Using the data that follows, output only the lines from the line with "[diagram: CAD part, four" up to and including the line with "FILE_DESCRIPTION(/* description */", exactly, leaving pictures aside.

===== Task material

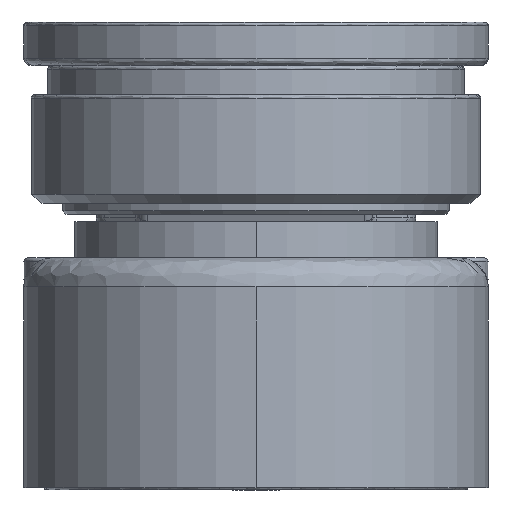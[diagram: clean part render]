
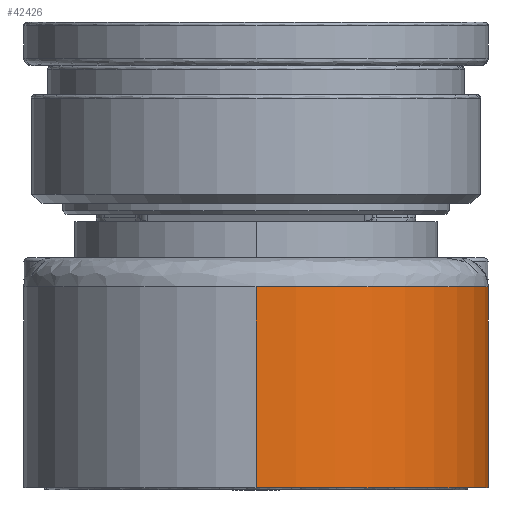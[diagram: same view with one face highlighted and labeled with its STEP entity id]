
A CAD part, left-side view. The second image highlights one B-rep face of the part: STEP entity #42426.
In plain terms, the highlighted cylindrical face has radius 32 mm (diameter 64 mm), a partial arc.
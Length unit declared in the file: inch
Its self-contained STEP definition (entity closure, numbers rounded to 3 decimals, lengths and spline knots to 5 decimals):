
#364 = ORIENTED_EDGE ( 'NONE', *, *, #61952, .T. ) ;
#2759 = DIRECTION ( 'NONE',  ( 0., 0., 1. ) ) ;
#5095 = FACE_OUTER_BOUND ( 'NONE', #42895, .T. ) ;
#6736 = ORIENTED_EDGE ( 'NONE', *, *, #43477, .T. ) ;
#7853 = DIRECTION ( 'NONE',  ( 0., 0., 1. ) ) ;
#10734 = DIRECTION ( 'NONE',  ( 0., 0., -1. ) ) ;
#15027 = CARTESIAN_POINT ( 'NONE',  ( 0., -1.25984, 0. ) ) ;
#16614 = AXIS2_PLACEMENT_3D ( 'NONE', #27045, #2759, #36699 ) ;
#18844 = ORIENTED_EDGE ( 'NONE', *, *, #42361, .F. ) ;
#19304 = AXIS2_PLACEMENT_3D ( 'NONE', #20023, #24911, #58197 ) ;
#19816 = CARTESIAN_POINT ( 'NONE',  ( 0., 0., 1.24803 ) ) ;
#20023 = CARTESIAN_POINT ( 'NONE',  ( 0., 0., 1.09055 ) ) ;
#21107 = VERTEX_POINT ( 'NONE', #15027 ) ;
#24761 = ORIENTED_EDGE ( 'NONE', *, *, #28752, .T. ) ;
#24911 = DIRECTION ( 'NONE',  ( 0., 0., 1. ) ) ;
#27045 = CARTESIAN_POINT ( 'NONE',  ( 0., 0., 0. ) ) ;
#27259 = CARTESIAN_POINT ( 'NONE',  ( 0., -1.25984, 1.09055 ) ) ;
#27569 = CARTESIAN_POINT ( 'NONE',  ( -1.25984, 0., 1.09055 ) ) ;
#27838 = CARTESIAN_POINT ( 'NONE',  ( -1.25984, 0., 0. ) ) ;
#28752 = EDGE_CURVE ( 'NONE', #38513, #29321, #45894, .T. ) ;
#29321 = VERTEX_POINT ( 'NONE', #27838 ) ;
#30121 = DIRECTION ( 'NONE',  ( -1., 0., 0. ) ) ;
#31537 = VECTOR ( 'NONE', #54637, 39.37008 ) ;
#32191 = LINE ( 'NONE', #61172, #56335 ) ;
#32274 = CIRCLE ( 'NONE', #19304, 1.25984 ) ;
#36699 = DIRECTION ( 'NONE',  ( -1., 0., 0. ) ) ;
#38513 = VERTEX_POINT ( 'NONE', #27569 ) ;
#38842 = CIRCLE ( 'NONE', #16614, 1.25984 ) ;
#39064 = VERTEX_POINT ( 'NONE', #27259 ) ;
#40062 = CARTESIAN_POINT ( 'NONE',  ( -1.25984, 0., 1.24803 ) ) ;
#42361 = EDGE_CURVE ( 'NONE', #38513, #39064, #32274, .T. ) ;
#42426 = ADVANCED_FACE ( 'NONE', ( #5095 ), #42851, .T. ) ;
#42851 = CYLINDRICAL_SURFACE ( 'NONE', #62515, 1.25984 ) ;
#42895 = EDGE_LOOP ( 'NONE', ( #18844, #24761, #364, #6736 ) ) ;
#43477 = EDGE_CURVE ( 'NONE', #21107, #39064, #32191, .T. ) ;
#45894 = LINE ( 'NONE', #40062, #31537 ) ;
#54637 = DIRECTION ( 'NONE',  ( 0., 0., -1. ) ) ;
#56335 = VECTOR ( 'NONE', #7853, 39.37008 ) ;
#58197 = DIRECTION ( 'NONE',  ( 1., 0., 0. ) ) ;
#61172 = CARTESIAN_POINT ( 'NONE',  ( 0., -1.25984, 1.24803 ) ) ;
#61952 = EDGE_CURVE ( 'NONE', #29321, #21107, #38842, .T. ) ;
#62515 = AXIS2_PLACEMENT_3D ( 'NONE', #19816, #10734, #30121 ) ;
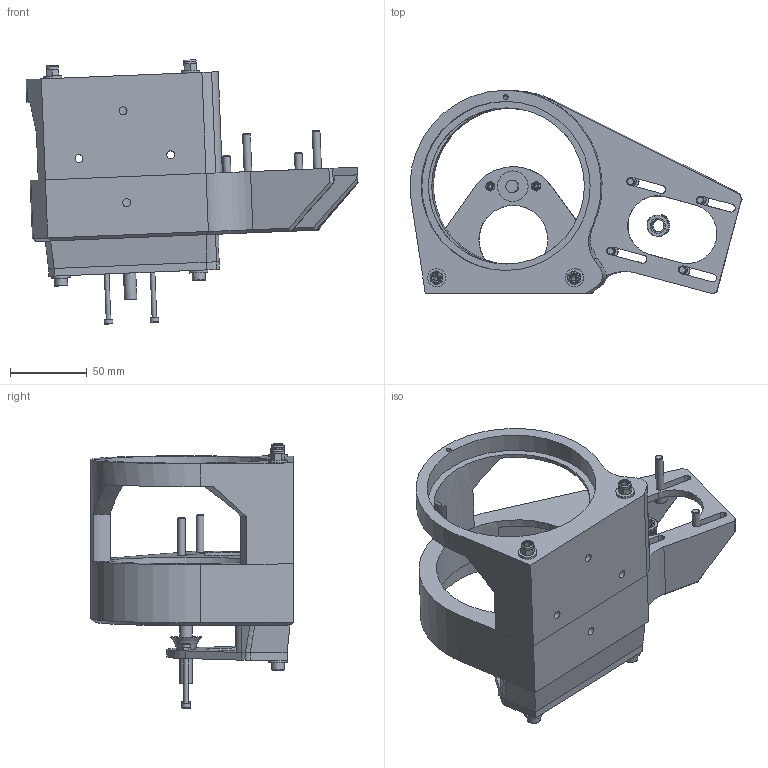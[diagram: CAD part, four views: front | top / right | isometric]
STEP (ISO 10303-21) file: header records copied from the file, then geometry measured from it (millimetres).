
FILE_DESCRIPTION(/* description */ (''),/* implementation_level */ '2;1');
FILE_NAME(/* name */ 'czlon5_ipt_30945a7d.STEP',/* time_stamp */ '2022-06-05T10:40:28+02:00',/* author */ ('pc'),/* organization */ (''),/* preprocessor_version */ 'ST-DEVELOPER v18.1',/* originating_system */ 'Autodesk Inventor 2021',/* authorisation */ '');
FILE_SCHEMA (('AUTOMOTIVE_DESIGN { 1 0 10303 214 3 1 1 }'));
Length unit declared in the file: inch
Products named in the file (1): czlon5
Bounding box: 216.85 x 132.76 x 172.66 mm (x, y, z)
Volume: 581492.5 mm3; surface area: 147878.9 mm2
Topology: 24 solids, 24 shells, 631 faces, 1669 edges, 1109 vertices
Faces by surface type: plane 284, cylinder 225, cone 82, torus 25, bspline 15
Full cylindrical faces by diameter (mm): 2.5 x2, 3 x4, 3.1 x2, 3.2 x1, 3.3 x1, 3.35 x9, 3.714 x2, 4 x10, 4.1 x3, 4.2 x2, 5 x8, 5.1 x6, 5.2 x4, 5.3 x2, 5.5 x8, 5.857 x2, 6 x4, 8 x5, 8.5 x6, 10 x2, 12 x4, 13 x1, 14 x2, 45 x1, 102 x2, 110.5 x2
Entity records: 24186 total; most frequent: CARTESIAN_POINT 7628, DIRECTION 3403, ORIENTED_EDGE 3322, EDGE_CURVE 1661, AXIS2_PLACEMENT_3D 1337, VERTEX_POINT 1109, EDGE_LOOP 736, LINE 729

==========

> Exercise output:
[diagram: CAD part, four views: front | top / right | isometric]
STEP (ISO 10303-21) file: header records copied from the file, then geometry measured from it (millimetres).
FILE_DESCRIPTION(/* description */ (''),/* implementation_level */ '2;1');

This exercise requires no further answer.